Here’s why HSAs are unique in the financial world:

  1. Pre-tax contributions: Contributions reduce your taxable income.
  2. Tax-free growth: Investments inside the account compound without taxes.
  3. Tax-free withdrawals: Money comes out tax-free if used for qualified healthcare expenses, and unlike retirement plans you don’t have to wait decades to get your money penalty-free.

That’s a triple advantage you won’t find in 401(k)s, IRAs, or any other account. In fact, I often call HSAs the most tax-efficient vehicle in America.

Unlike a Flexible Spending Account (FSA), which has a “use it or lose it” rule, your HSA balance rolls over year after year. Think of it as a stealth retirement account with built-in liquidity: you can reimburse yourself for qualified medical expenses any time, even years later, as long as you keep receipts.

2026 Contribution Limits

The IRS just increased HSA contribution limits for 2026:

  • $4,400 for individuals
  • $8,750 for families
  • Plus, a $1,000 catch-up for those age 55 and older

That’s a sizable tax shelter. For a family in the 32% federal tax bracket, maxing out contributions saves $2,800 in federal taxes upfront—before accounting for compounding growth.

Employer Contributions Sweeten the Deal

Many employers make contributions to employees’ HSAs as an added incentive to pick the HDHP. In my case, my employer contributed $2,000 annually, which covered nearly half of my HDHP premiums. That essentially shifts the math even further in favor of the HDHP.

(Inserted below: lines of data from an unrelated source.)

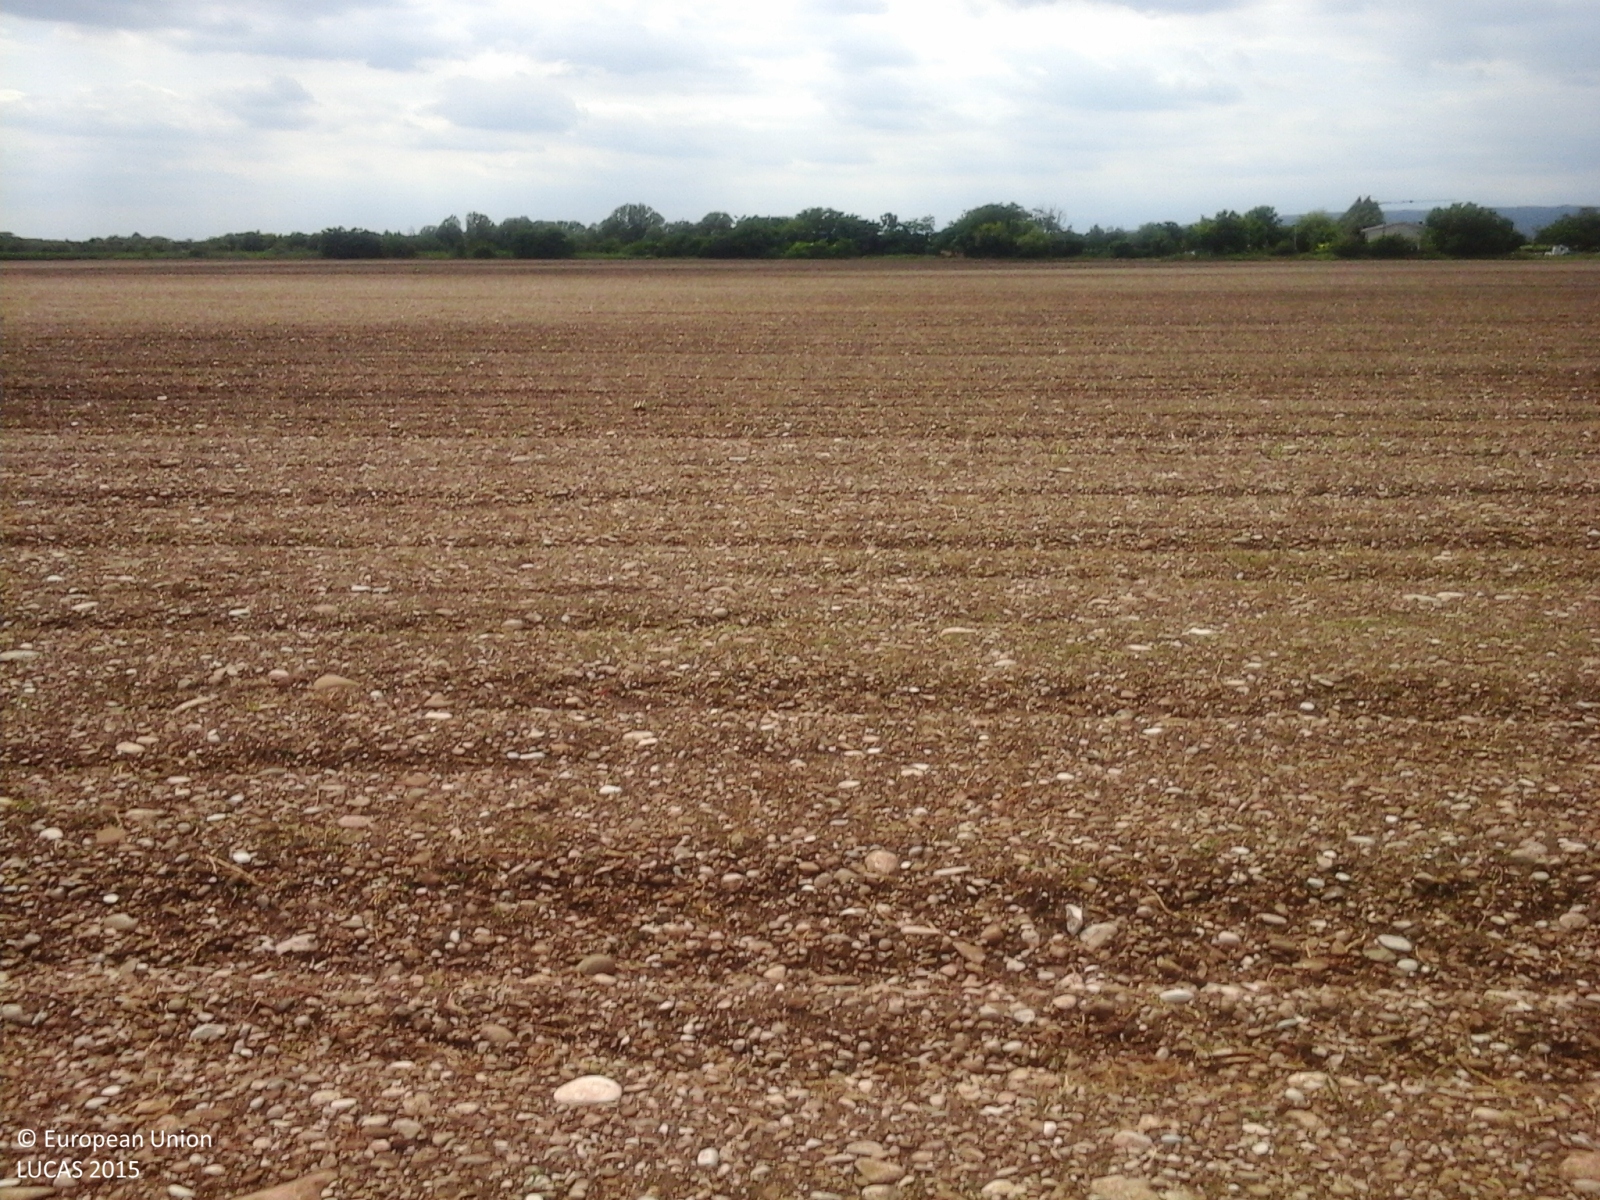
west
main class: Cropland
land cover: Common wheat
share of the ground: < 10 %
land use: Agriculture (excluding fallow land and kitchen gardens)
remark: Harvested field
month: June
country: IT
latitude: 45.7695
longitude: 12.2215
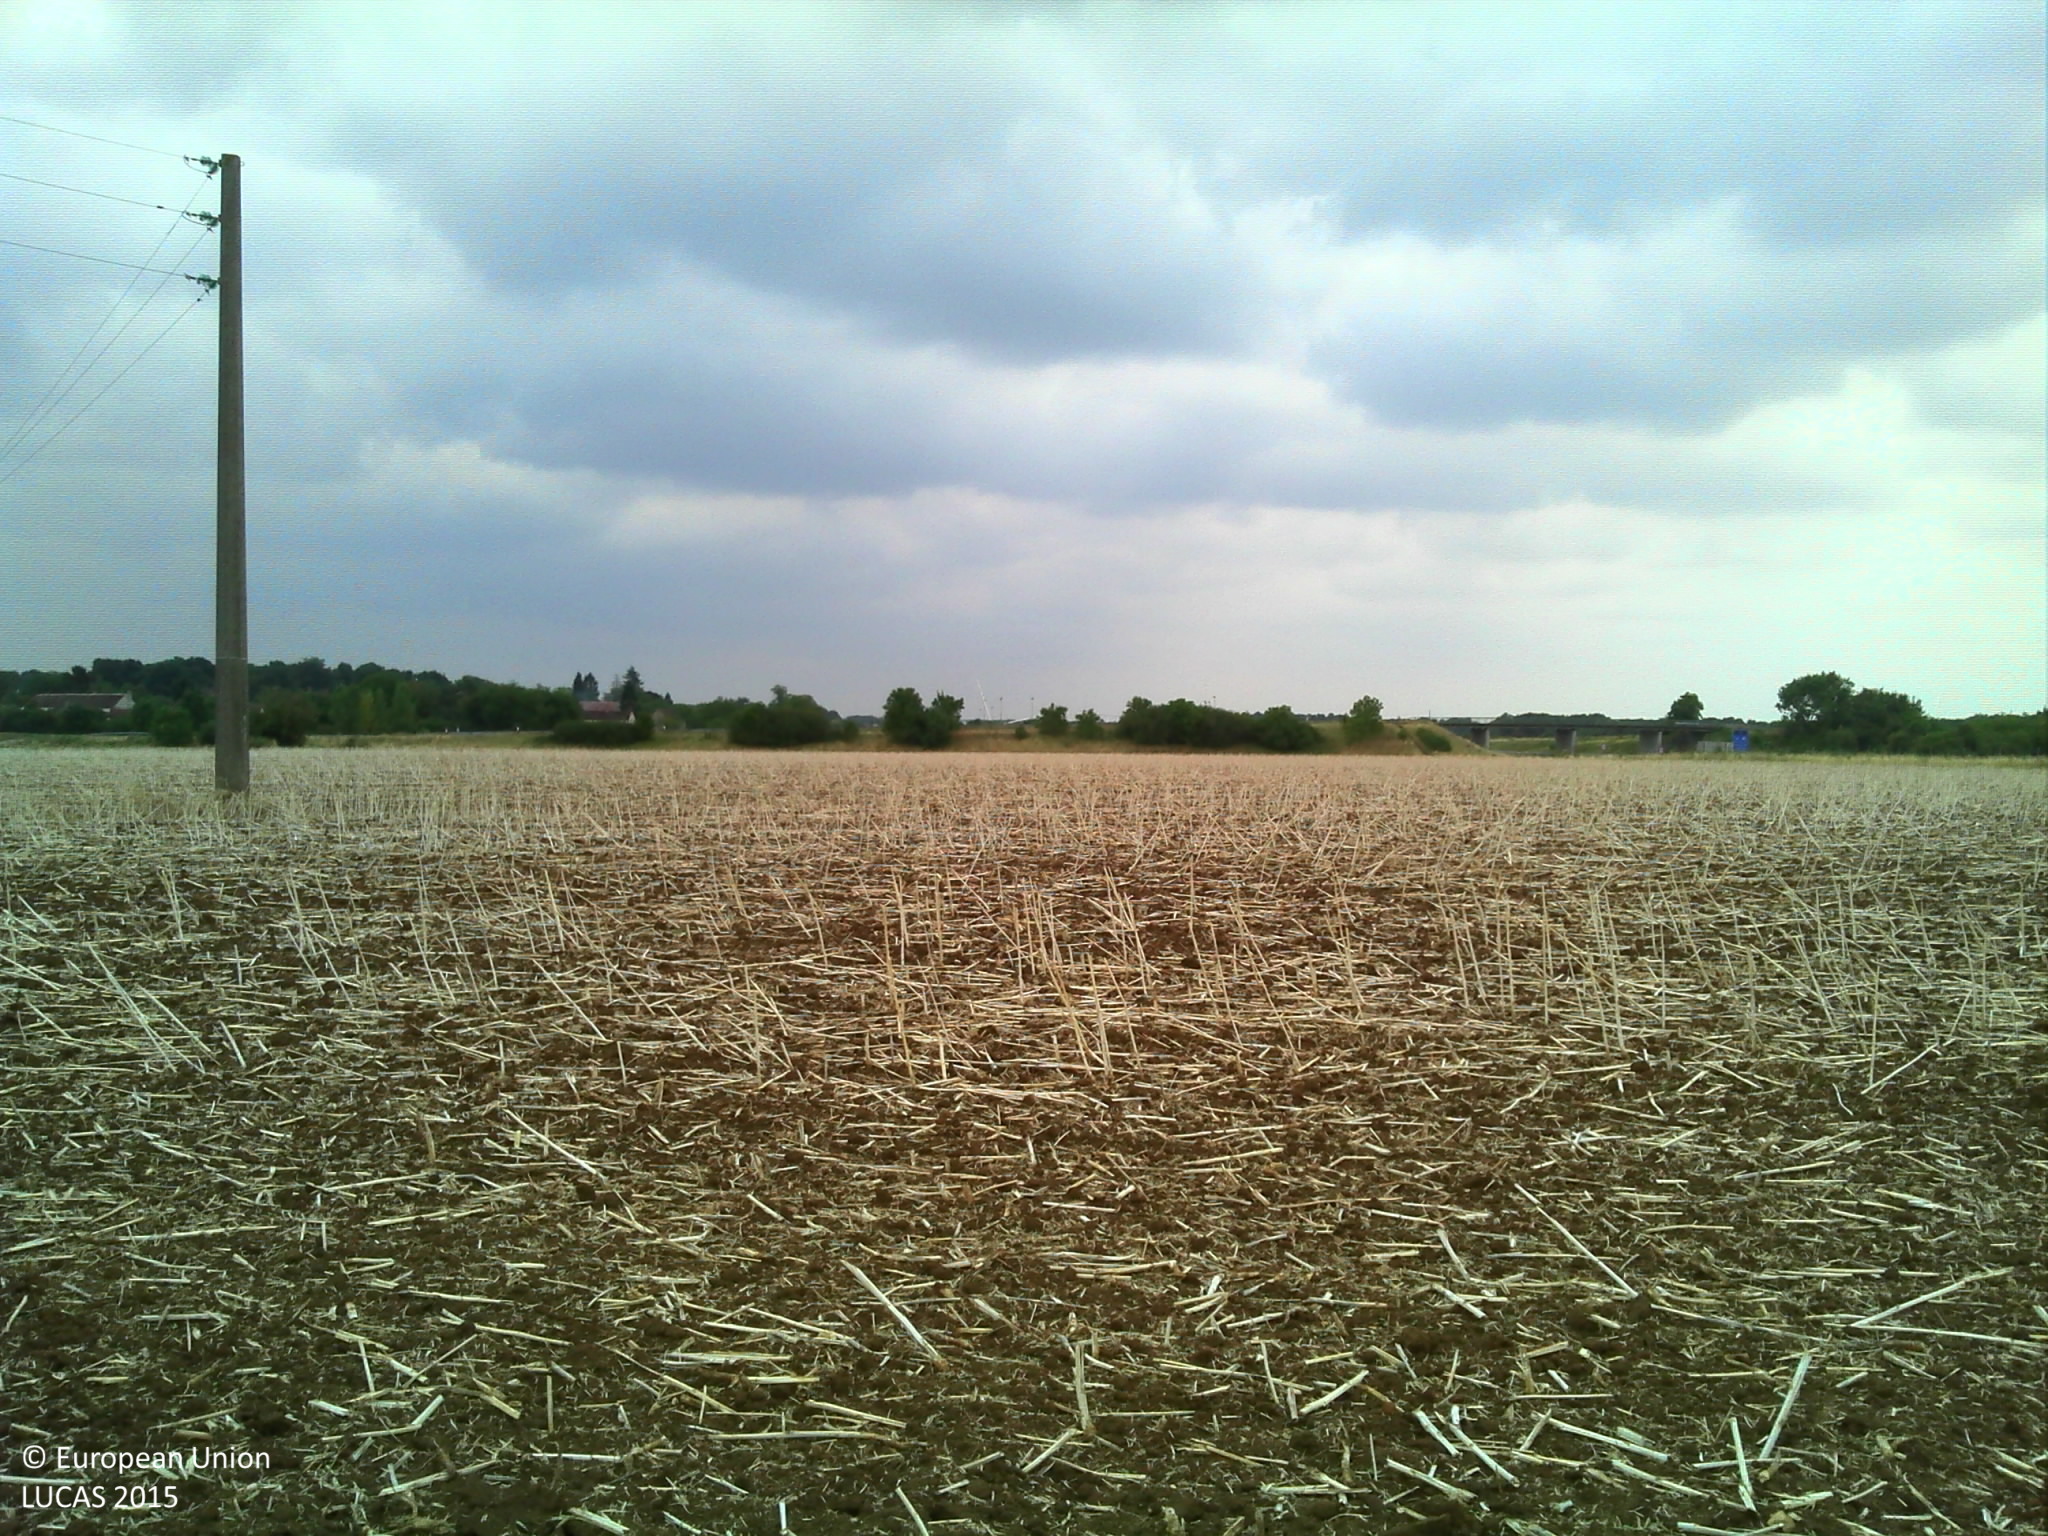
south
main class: Cropland
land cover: Rape and turnip rape
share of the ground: 10 - 25 %
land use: Agriculture (excluding fallow land and kitchen gardens)
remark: Harvested field
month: August
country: FR
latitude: 48.1846
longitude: 2.7685

If your employer offers this benefit, it’s like free money—not unlike a 401(k) match. Make sure you’re not leaving it on the table.

A Hidden Retirement Tool

While HSAs are designed for medical expenses, their utility doesn’t stop there. At age 65, you can withdraw HSA funds for any purpose without penalty. You’ll pay ordinary income tax on non-medical withdrawals, just like with a traditional IRA—but you’ll still have enjoyed years (or decades) of tax-free compounding.

That’s why many people treat their HSA as a “stealth IRA”: paying for current medical expenses out of pocket while letting the HSA balance grow for retirement.

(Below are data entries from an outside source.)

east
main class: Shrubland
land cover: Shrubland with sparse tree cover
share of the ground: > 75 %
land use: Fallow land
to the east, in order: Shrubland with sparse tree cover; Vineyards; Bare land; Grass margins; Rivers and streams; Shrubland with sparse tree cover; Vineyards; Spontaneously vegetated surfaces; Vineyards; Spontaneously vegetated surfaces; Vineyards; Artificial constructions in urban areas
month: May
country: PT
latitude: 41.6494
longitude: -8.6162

Who Shouldn’t Choose an HDHP?

HDHPs aren’t for everyone. If you expect significant medical expenses every year—say, ongoing treatments, expensive prescriptions, or chronic conditions—the higher deductible might outweigh the premium savings.

Also, if you don’t have any savings and couldn’t cover the cost of a significant medical expense early in the year—before you meet your deductible—this also might not be the plan for you.

However, for those with relatively low or unpredictable healthcare usage, the combination of lower premiums, employer contributions, and the unmatched tax advantages of the HSA usually makes the HDHP the superior option.

Final Thoughts

Health insurance is one of the biggest expenses many families face, and premiums are climbing again in 2025. That makes it critical to approach open enrollment with clear eyes and hard math—not just habit or fear of deductibles.

High-deductible health plans, paired with HSAs, offer a way to reduce costs today while also building long-term wealth. They provide flexibility, powerful tax breaks, and even a backup retirement account.

So, as you sift through your options this open enrollment season, ask yourself: Am I paying more for peace of mind—or am I strategically using the tools available to cut costs and build wealth?